Koskoca depremin faturası sadece Veli Göçer isimli bir müteahhite kesildi. O da 3-4 yıl yattı çıktı… Şimdiye kadar yaşadığımız felaketlerde bir tane kamu görevlisi istifa etmedi, bir tane bürokrat tutuklanmadı…

**

Tek suçlular müteahhitler mi? Yapı kontrolü yapan mühendislerin, bunlara imza atan bürokratların, imar affı çıkaran siyasilerin hiç mi suçu yok? 

**

Peki neden bu bürokratlar istifa etmez? Neden siyasiler hiçbir zaman sorumluluk almaz?

Her felakette aynı şeylere şahit olmaktan yüreğimiz de yoruldu zihnimiz de…

**

Ülkede 40 bin canımız gitti. Belki bu rakam daha fazla. Yüzbinlerce bina kullanılama hale geldi. Koskoca bir ülke travma yaşıyor. Güzel ülkemiz cenaze evine döndü…

**

Bütün bunlara rağmen bir tane istifa eden bürokrat yok. Bir tane sorumluluk alan kamu görevlisi yok. Böyle bir can kaybı ve yıkım Japonya’da veya bir Avrupa ülkesinde yaşansaydı, gün yüzü görmezlerdi…

**

Şimdi soruyorum 40 bin canın hesabını kim verecek? Müteahhit milletine suçu yıkmak işin en kolayı. Ya diğer sorumlular ne olacak?.. Siyaset konuşma zamanı değil diyenler artık bunları konuşma zamanı gelmedi mi?

**

2022-2023 CHRİSTAN ATSU SEZONU OLSUN

2 hafta yaşadığımız büyük felaket global bir drama dönüştü. Acıyı sadece Türk halkı ve Suriye halkı yaşamıyor. Dünyanın dört bir yanından insanlar depremin acısını yüreğinde hissediyor…

**

Hatayspor’un başarılı futbolcusu Christian Atsu’nun ölüm haberi sadece ülkesi Gana’da ve Türkiye’de değil tüm dünyayı derin bir üzüntüye neden oldu…

**

Christian Atsu bu ülkede yaşanan bir depremde can verdi.
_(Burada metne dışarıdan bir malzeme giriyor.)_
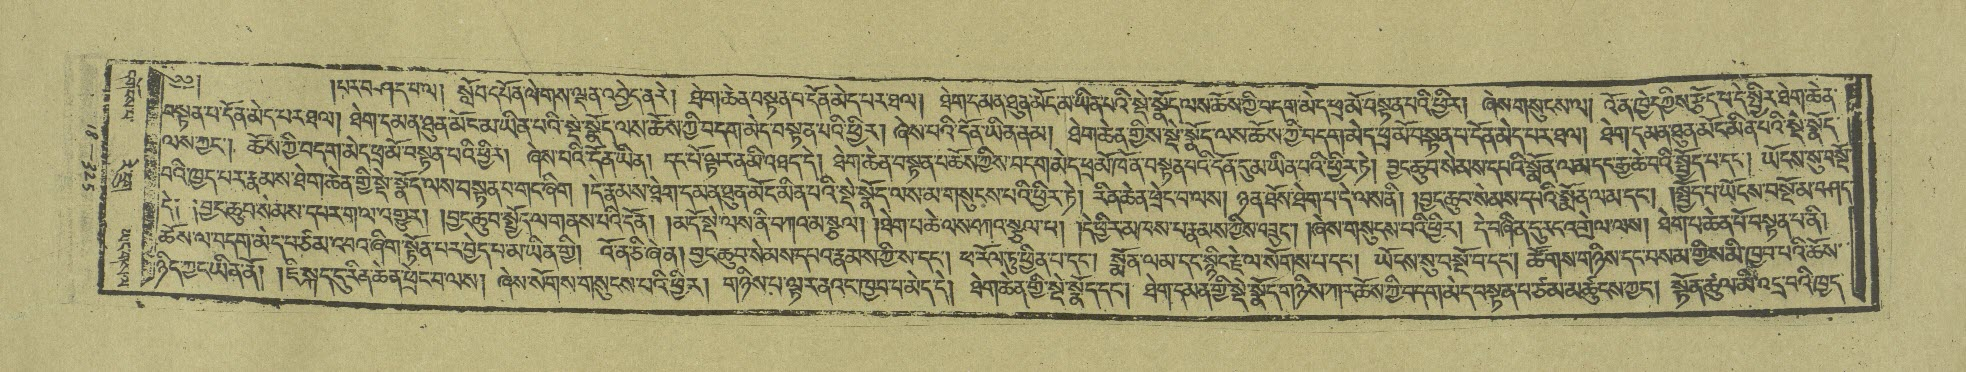༄༅། །པར་བཤད་པ་ལ། སློབ་དཔོན་ལེགས་ལྡན་འབྱེད་ན་རེ། ཐེག་ཆེན་བསྟན་པ་དོན་མེད་པར་ཐལ། ཐེག་དམན་ཐུན་མོང་མ་ཡིན་པའི་སྡེ་སྣོད་ལས་ཆོས་ཀྱི་བདག་མེད་ཕྲ་མོ་བསྟན་པའི་ཕྱིར། ཞེས་གསུངས་ལ། འོ་ན་ཁྱེད་ཀྱིས་རྩོད་པ་དེ་སྤྱིར་ཐེག་ཆེན་
བསྟན་པ་དོན་མེད་པར་ཐལ། ཐེག་དམན་ཐུན་མོང་མ་ཡིན་པའི་སྡེ་སྣོད་ལས་ཆོས་ཀྱི་བདག་མེད་བསྟན་པའི་ཕྱིར། ཞེས་པའི་དོན་ཡིན་ནམ། ཐེག་ཆེན་གྱིས་སྡེ་སྣོད་ལས་ཆོས་ཀྱི་བདག་མེད་ཕྲ་མོ་བསྟན་པ་དོན་མེད་པར་ཐལ། ཐེག་དམན་ཐུན་མོང་མིན་པའི་སྡེ་སྣོད་
ལས་ཀྱང་། ཆོས་ཀྱི་བདག་མེད་ཕྲ་མོ་བསྟན་པའི་ཕྱིར། ཞེས་པའི་དོན་ཡིན། དང་པོ་ལྟར་ན་མི་འཐད་དེ། ཐེག་ཆེན་བསྟན་པ་ཆོས་ཀྱིས་བདག་མེད་ཕྲ་མོ་ཁོ་ན་བསྟན་པའི་དོན་དུ་མ་ཡིན་པའི་ཕྱིར་ཏེ། བྱང་ཆུབ་སེམས་དཔའི་སྨོན་ལམ་དང་རྒྱ་ཆེ་བའི་སྤྱོད་པ་དང་། ཡོངས་སུ་བསྔོ་
བའི་ཁྱད་པར་རྣམས་ཐེག་ཆེན་གྱི་སྡེ་སྣོད་ལས་བསྟན་པ་གང་ཞིག །དེ་རྣམས་ཐེག་དམན་ཐུན་མོང་མིན་པའི་སྡེ་སྣོད་ལས་མ་གསུངས་པའི་ཕྱིར་ཏེ། རིན་ཆེན་ཕྲེང་བ་ལས། ཉན་ཐོས་ཐེག་པ་དེ་ལས་ནི། །བྱང་ཆུབ་སེམས་དཔའི་སྨོན་ལམ་དང་། །སྤྱོད་པ་ཡོངས་བསྔོ་མ་བཤད་
དེ། །བྱང་ཆུབ་སེམས་དཔར་ག་ལ་འགྱུར། །བྱང་ཆུབ་སྤྱོད་ལ་གནས་པའི་དོན། །མདོ་སྡེ་ལས་ནི་བཀའ་མ་སྩལ། །ཐེག་པ་ཆེ་ལས་བཀའ་སྩལ་པ། །དེ་ཕྱིར་མཁས་པ་རྣམས་ཀྱིས་བཟུང་། །ཞེས་གསུངས་པའི་ཕྱིར། དེ་བཞིན་དུ་རང་འགྲེལ་ལས། ཐེག་པ་ཆེན་པོ་བསྟན་པ་ནི།
ཆོས་ལ་བདག་མེད་པ་ཙམ་འབའ་ཞིག་སྟོན་པར་བྱེད་པ་མ་ཡིན་གྱི། འོ་ན་ཅི་ཞེ་ན། བྱང་ཆུབ་སེམས་དཔའ་རྣམས་ཀྱི་ས་དང་། ཕ་རོལ་ཏུ་ཕྱིན་པ་དང་། སྨོན་ལམ་དང་སྙིང་རྗེ་ལ་སོགས་པ་དང་། ཡོངས་སུ་བསྔོ་བ་དང་། ཚོགས་གཉིས་དང་བསམ་གྱིས་མི་ཁྱབ་པའི་ཆོས་
ཉིད་ཀྱང་ཡིན་ནོ། །ཇི་སྐད་དུ་རིན་ཆེན་ཕྲེང་བ་ལས། ཞེས་སོགས་གསུངས་པའི་ཕྱིར། གཉིས་པ་ལྟར་ནའང་ཁྱབ་པ་མེད་དེ། ཐེག་ཆེན་གྱི་སྡེ་སྣོད་དང་། ཐེག་དམན་གྱི་སྡེ་སྣོད་གཉིས་ཀར་ཆོས་ཀྱི་བདག་མེད་བསྟན་པ་ཙམ་མཚུངས་ཀྱང་། སྟོན་ཚུལ་མི་འདྲ་བའི་ཁྱད་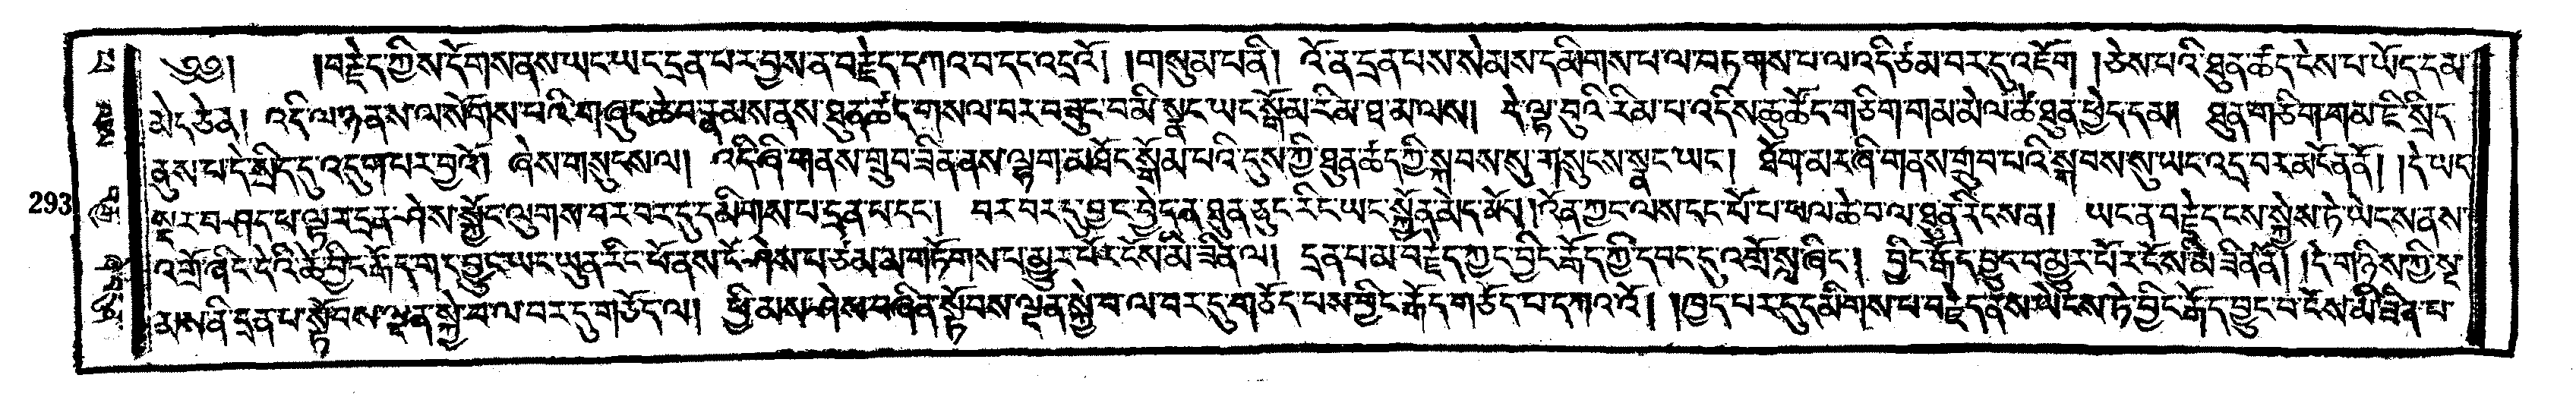༄༅། །བརྗེད་ཀྱིས་དོགས་ནས་ཡང་ཡང་དྲན་པར་བྱས་ན་བརྗེད་དཀའ་བ་དང་འདྲའོ། །གསུམ་པ་ནི། འོ་ན་དྲན་པས་སེམས་དམིགས་པ་ལ་བཏགས་པ་ལ་འདི་ཙམ་བར་དུ་འཇོག །ཅེས་པའི་ཐུན་ཚད་ངེས་པ་ཡོད་དམ་
མེད་ཅེན། འདི་ལ་ཉན་ས་ལ་སོགས་པའི་གཞུང་ཆེ་བ་རྣམས་ནས་ཐུན་ཚད་གསལ་བར་བཟུང་བ་མི་སྣང་ཡང་སྒོམ་རིམ་ཐ་མ་ལས། དེ་ལྟ་བུའི་རིམ་པ་འདིས་ཆུ་ཚོང་གཅིག་གམ་མེ་ལ་ཚེ་ཐུན་ཕྱེད་དམ། ཐུན་གཅིག་གམ་ཇི་སྲིད་
ནུས་པ་དེ་སྲིད་དུ་འདུག་པར་བྱའོ། ཞེས་གསུངས་ལ། འདི་ཞི་གནས་གྲུབ་ཟིན་ནས་ལྷག་མཐོང་སྒོམ་པའི་དུས་ཀྱི་ཐུན་ཚད་ཀྱི་སྐབས་སུ་གསུངས་སྣང་ཡང་། ཐོག་མར་ཞི་གནས་གྲུབ་པའི་སྒབས་སུ་ཡང་འདྲ་བར་མངོན་ནོ། །དེ་ཡང་
སྔར་བཤད་ཕ་ལྟར་དྲན་ཤེས་སྐྱོང་ལུགས་པར་བར་དུ་དམིགས་པ་དྲན་པ་དང་། བར་བར་དུ་བྱང་བྱེད་ན་ཐུན་ཅུང་རིང་ཡང་སྐྱོན་མེད་མོད། །འོན་ཀྱང་ལས་ངང་པོ་པ་ཕལ་ཆེ་བ་ལ་ཐུན་རིངས་ན། ཡང་ན་བརྗེད་ངས་སྐྱེས་ཏེ་ཡེངས་ནས་
འགྲོ་ཞིང་དེའི་ཚེ་བྱིང་རྒོད་གང་བྱུང་ཡང་ཡུན་རིང་ཕོ་ནས་ངོ་ཤེས་པ་ཙམ་མ་གཏོགས་པ་མྱུར་པོར་ངོས་མི་ཟིན་ལ། དྲན་པ་མ་བརྗེད་ཀྱང་བྱིང་རྒོད་ཀྱི་དབང་དུ་འགྲོ་སླ་ཞིང་། བྱིང་རྒོད་བྱུང་བ་མྱུར་པོར་ངོས་མི་ཟིན་ན། །དེ་གཉིས་ཀྱི་སྔ་
མས་ནི་དྲན་པ་སྟོབས་ལྡན་སྐྱེ་བ་ལ་བར་དུ་གཅོད་ལ། ཕྱི་མས་ཤེས་བཞིན་སྟོབས་ལྡན་སྐྱེ་བ་ལ་བར་དུ་གཅོད་པས་ཕྱིང་རྒོད་གཅོད་པ་དཀའ་འོ། །ཁྱད་པར་དུ་དམིགས་པ་བརྗེད་ནས་ཡེངས་ཏེ་བྱིང་རྒོད་བྱུང་བ་ངོས་མི་ཟིན་པ་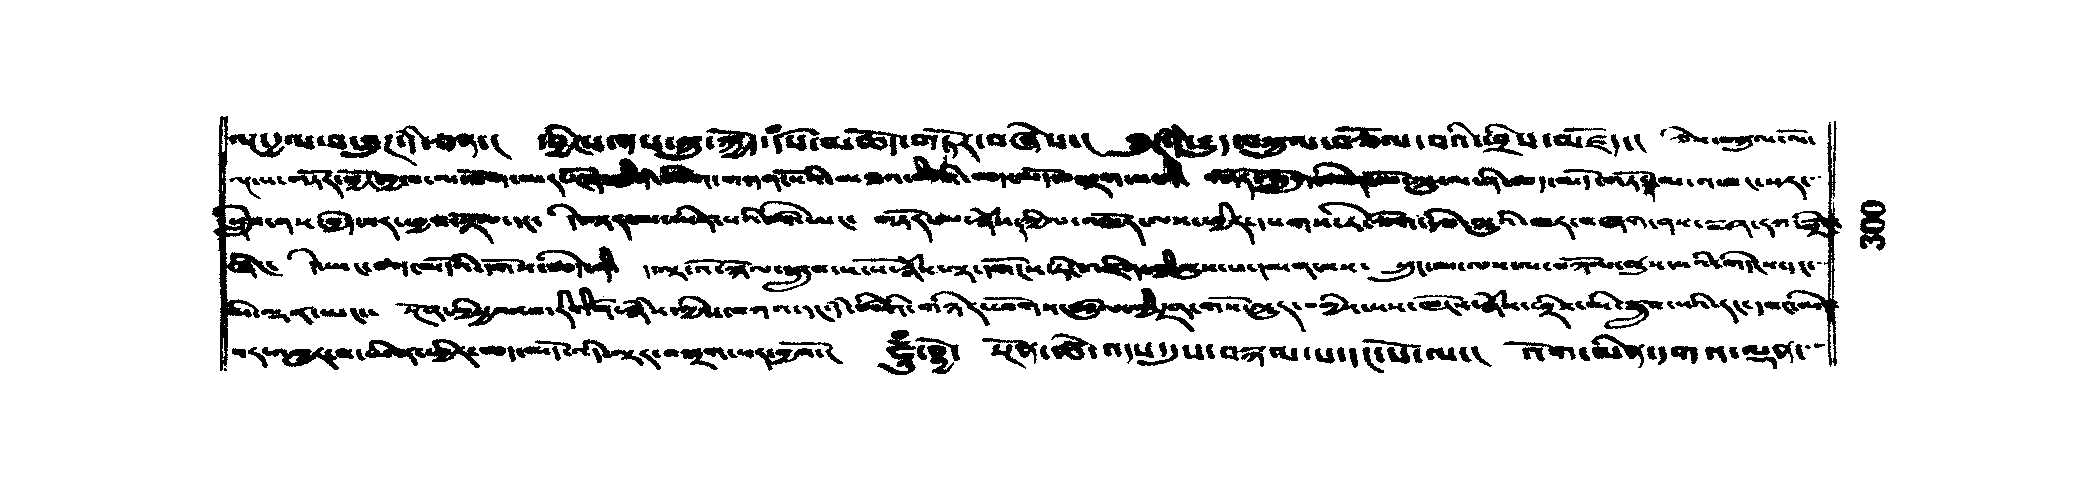ལྔ་རྒྱལ་བ་ཐུགས་དམ་ཅན། །དབྱིངས་ནས་སྐུ་བསྐྱོད་དམ་རྫས་མཆོད་གཏོར་བཞེས། །ཐུགས་དམ་རྒྱུད་བསྐུལ་བཅོལ་བའི་ཕྲིན་ལས་མཛོད། །ཅེས་བསྐུལ་ལོ། 
ལྔ་པ་གཏོར་སྐྱོང་བྱ་བ་ལ་སྔོན་གྱི་དམ་ཚིག་གཉན་པོའི་མཐའ་ཐིག་ལེ་ཆད་མདོ་བསྒྲག་པ་ནི། གཏོར་ཟློག་ཆེན་མོ་སྐ་ལ་ནི་ཆད་མདོ་གཏོར་མ་འཕང་སར་
སླེབས་ནས་བྱེད་པར་ཕྱག་སྲོལ་དང་། དེ་ལྟར་མ་ཡིན་པའི་ཚེ་ཡང་གཏོར་མ་རྣམས་དཀྱིལ་འཁོར་ལས་ཕྱིར་དཔགས་ཏེ་རྩོག་རྩེ་ལྟ་བུའི་ཁར་བཞག་ནས་སྨན་རག་སྦྲེང་
ཞིང་། དེ་ཡང་ཆད་མདོའི་དགོས་ཆེད་ནི། ད་ལྟ་འོ་སྐོལ་སྒྲུབ་པ་པོ་རྣམས་ལྟ་དགོངས་ཏིང་འཛིན་གྱི་ནུས་པ་དམན་པས་སྲུང་མ་ལས་ལ་བཀོལ་ནུས་པའི་གདེངས་དང་
མི་ལྡན་ཡང་།སྔོན་གྱི་རྒྱལ་བ་རིག་འཛིན་རྣམས་ཀྱིས་བཀའ་དང་དམ་ཚིག་གི་གཉེར་ཕོགས་ཚུལ་གྱི་དྲན་གསོ་ལྟ་བུར་བགྱིད་པས་ཁོང་རྣམས་ཕྲིན་ལས་མི་སྒྲུབ་པའི་རང་དབང་མེད་
པར་འགྱུར་བ་ཡིན་ཕྱིར་ཆད་མདོ་འདི་ལྟར་བསྒྲག་པར་བྱའོ། ཧཱུྃ་བྷྱོ། སྔོན་ཚེ་འདས་དུས་བསྐལ་པ་དང་པོ་ལ། །འོག་མིན་དགའ་ལྡན་

O artık bu ülkenin de bir evladı olarak yüreğimizde yaşamaya devam edecek. Acının rengi yok. Atsu ile kaderimiz de kederimiz de bir artık…

**

Türkiye Futbol Federasyonu geçen yıl trafik kazasında kaybettiğimiz Ahmet Çalık’ın ismini 2021-2022 sezonuna vermişti. Ahmet gibi değerli bir futbolcunun ismi yeniden onore edilmişti…

**

TSYD Genel Başkanı Oğuz Tongsir, Konyasporlu Ahmet Çalık’ın isminin sezona verilmesinde öncü olmuştu. Şimdi aynı şeyi Christian Atsu için yapma zamanı geldi diye düşünüyorum…

**

Dünyanın her yerinden insanlar acımızı paylaşıyor. Depremde dramatik bir şekilde kaybettiğimiz Christian Atsu adının sezonun ikinci yarısına verilmeli…Bu sezonun ikinci yarısını Christian Atsu sezonu olarak tamamlayalım….

**

Christian Atsu da Ahmet Çalık gibi kişiliğiyle, yardımseverliği ile örnek bir futbolcuydu. Atsu, Kasımpaşa’ya uzatmalarda attığı golle Hatay’ı sevince boğmuştu. Ölümüyle de hepimizi derinden üzdü…

**

O gün o stadyumda gol sevincini yaşayan insanlarımızın büyük bir kısmı aramızda yok artık. Hatayspor’un Teknik Direktörü Volkan Demirel ve Hataylı eski futbolcu Gökhan Zan da bu konuda öncü olmalı…


 

Yorum Yap
UYARI: Küfür, hakaret, rencide edici cümleler veya imalar, inançlara saldırı içeren, imla kuralları ile yazılmamış,
Türkçe karakter kullanılmayan ve büyük harflerle yazılmış yorumlar onaylanmamaktadır.
Yorumlar (8)
Yükleniyor ...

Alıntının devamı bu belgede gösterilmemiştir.